→ THE TASK
Lines from the beginning of the data below through the one containing "Answer: baseline" are to be printed exactly as they appear.

→ Collection entries
________________________

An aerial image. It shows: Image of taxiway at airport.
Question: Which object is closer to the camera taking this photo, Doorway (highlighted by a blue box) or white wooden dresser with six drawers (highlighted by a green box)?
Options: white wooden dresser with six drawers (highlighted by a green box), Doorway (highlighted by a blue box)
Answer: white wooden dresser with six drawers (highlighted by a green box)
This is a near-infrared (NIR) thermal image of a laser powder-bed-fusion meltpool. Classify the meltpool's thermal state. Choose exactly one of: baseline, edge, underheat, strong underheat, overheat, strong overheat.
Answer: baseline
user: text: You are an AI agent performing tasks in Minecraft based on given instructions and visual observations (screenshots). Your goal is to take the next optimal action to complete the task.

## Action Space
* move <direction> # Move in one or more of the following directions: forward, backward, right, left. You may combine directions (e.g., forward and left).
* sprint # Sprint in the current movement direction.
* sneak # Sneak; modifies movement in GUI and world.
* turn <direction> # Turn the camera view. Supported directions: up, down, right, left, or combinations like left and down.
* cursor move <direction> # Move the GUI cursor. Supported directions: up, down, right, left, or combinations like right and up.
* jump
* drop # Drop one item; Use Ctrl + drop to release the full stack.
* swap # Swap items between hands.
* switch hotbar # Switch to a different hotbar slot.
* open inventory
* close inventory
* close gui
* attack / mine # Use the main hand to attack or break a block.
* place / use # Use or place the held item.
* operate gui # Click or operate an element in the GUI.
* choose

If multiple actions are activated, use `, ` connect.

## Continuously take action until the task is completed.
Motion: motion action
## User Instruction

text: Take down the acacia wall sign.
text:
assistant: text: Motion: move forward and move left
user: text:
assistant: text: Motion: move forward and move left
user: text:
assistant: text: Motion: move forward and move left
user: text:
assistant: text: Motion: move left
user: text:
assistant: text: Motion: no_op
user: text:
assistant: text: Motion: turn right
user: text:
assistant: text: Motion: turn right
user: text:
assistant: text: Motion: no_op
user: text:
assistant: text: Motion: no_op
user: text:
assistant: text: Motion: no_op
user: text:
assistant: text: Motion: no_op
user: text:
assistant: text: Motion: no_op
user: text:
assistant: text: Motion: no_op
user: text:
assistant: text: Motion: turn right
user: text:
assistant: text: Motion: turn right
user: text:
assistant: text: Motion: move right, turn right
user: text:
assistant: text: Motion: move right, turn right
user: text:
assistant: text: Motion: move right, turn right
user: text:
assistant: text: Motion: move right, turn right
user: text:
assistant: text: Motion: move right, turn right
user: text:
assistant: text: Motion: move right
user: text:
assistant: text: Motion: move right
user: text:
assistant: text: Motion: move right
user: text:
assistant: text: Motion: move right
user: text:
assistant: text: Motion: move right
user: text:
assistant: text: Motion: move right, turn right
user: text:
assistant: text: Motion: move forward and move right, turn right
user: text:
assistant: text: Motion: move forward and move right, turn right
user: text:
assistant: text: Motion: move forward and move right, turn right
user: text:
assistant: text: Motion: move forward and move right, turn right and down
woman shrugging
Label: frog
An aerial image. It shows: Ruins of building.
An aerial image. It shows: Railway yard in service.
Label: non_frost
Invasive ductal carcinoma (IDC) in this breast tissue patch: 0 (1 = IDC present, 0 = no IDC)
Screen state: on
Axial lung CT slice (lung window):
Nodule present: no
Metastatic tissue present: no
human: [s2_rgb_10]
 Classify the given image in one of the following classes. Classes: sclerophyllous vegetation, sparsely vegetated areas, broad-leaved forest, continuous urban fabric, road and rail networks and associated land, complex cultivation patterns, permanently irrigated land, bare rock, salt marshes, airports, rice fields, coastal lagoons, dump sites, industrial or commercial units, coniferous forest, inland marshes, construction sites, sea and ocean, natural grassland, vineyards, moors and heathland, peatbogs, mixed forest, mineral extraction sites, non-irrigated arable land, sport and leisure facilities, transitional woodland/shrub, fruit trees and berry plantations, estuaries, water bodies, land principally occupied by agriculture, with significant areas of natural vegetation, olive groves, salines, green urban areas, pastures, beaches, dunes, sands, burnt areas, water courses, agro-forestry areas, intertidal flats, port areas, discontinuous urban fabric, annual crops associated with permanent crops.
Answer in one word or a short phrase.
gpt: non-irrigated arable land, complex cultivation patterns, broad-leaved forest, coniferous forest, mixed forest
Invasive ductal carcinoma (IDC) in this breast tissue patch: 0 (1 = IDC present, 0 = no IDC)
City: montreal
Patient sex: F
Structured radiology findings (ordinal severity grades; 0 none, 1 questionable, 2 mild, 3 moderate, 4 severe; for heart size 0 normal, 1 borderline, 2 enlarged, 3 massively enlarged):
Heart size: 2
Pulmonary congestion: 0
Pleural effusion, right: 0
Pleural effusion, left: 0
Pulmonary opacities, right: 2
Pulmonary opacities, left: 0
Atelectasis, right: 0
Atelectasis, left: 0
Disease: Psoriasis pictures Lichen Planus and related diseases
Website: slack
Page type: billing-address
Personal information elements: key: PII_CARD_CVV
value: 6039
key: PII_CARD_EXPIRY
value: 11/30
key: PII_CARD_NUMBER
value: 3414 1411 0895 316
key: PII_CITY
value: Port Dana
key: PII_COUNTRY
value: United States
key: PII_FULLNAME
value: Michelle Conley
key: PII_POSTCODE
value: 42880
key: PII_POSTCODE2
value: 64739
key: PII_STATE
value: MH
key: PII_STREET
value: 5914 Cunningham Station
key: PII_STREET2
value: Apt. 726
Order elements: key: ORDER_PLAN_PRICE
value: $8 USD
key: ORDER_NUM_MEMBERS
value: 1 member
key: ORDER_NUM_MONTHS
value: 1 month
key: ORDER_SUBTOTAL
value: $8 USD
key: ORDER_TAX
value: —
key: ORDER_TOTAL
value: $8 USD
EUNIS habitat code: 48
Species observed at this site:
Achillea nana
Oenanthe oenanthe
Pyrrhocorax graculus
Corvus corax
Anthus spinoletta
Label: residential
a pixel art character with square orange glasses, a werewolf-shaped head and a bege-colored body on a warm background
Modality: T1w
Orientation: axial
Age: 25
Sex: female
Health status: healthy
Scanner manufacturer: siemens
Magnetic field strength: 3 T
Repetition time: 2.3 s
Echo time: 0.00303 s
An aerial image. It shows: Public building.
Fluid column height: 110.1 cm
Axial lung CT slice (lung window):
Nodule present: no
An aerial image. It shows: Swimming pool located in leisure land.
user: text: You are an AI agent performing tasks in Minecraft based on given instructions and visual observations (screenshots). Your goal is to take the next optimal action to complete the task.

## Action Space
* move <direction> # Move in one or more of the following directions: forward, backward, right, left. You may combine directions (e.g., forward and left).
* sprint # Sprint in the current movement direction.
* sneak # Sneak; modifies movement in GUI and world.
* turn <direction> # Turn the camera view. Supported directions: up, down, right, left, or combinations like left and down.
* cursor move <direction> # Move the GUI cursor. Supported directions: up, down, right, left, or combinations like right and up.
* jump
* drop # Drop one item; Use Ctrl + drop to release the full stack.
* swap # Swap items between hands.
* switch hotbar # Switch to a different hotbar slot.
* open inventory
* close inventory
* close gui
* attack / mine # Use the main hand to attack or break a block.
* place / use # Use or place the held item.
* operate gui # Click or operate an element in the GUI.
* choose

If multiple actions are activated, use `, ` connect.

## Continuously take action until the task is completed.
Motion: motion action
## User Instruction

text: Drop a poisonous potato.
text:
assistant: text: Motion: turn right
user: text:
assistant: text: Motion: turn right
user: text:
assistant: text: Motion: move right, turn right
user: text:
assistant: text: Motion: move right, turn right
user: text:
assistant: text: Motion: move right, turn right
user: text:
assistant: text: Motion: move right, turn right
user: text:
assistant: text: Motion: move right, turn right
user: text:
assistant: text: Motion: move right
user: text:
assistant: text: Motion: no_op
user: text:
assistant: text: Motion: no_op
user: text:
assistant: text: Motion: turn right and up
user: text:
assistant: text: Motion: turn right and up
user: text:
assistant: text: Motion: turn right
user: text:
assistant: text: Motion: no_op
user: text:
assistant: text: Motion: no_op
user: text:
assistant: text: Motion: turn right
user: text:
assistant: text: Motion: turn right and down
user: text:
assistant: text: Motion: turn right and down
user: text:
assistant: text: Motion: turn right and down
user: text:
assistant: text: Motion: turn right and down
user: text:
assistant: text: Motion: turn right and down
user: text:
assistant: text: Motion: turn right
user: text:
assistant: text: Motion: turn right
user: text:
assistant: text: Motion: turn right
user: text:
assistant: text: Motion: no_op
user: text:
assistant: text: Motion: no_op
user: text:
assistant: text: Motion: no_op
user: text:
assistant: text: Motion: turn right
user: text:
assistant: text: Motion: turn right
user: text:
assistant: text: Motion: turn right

________________________

→ OUTPUT BELOW
An aerial image. It shows: Image of taxiway at airport.
Question: Which object is closer to the camera taking this photo, Doorway (highlighted by a blue box) or white wooden dresser with six drawers (highlighted by a green box)?
Options: white wooden dresser with six drawers (highlighted by a green box), Doorway (highlighted by a blue box)
Answer: white wooden dresser with six drawers (highlighted by a green box)
This is a near-infrared (NIR) thermal image of a laser powder-bed-fusion meltpool. Classify the meltpool's thermal state. Choose exactly one of: baseline, edge, underheat, strong underheat, overheat, strong overheat.
Answer: baseline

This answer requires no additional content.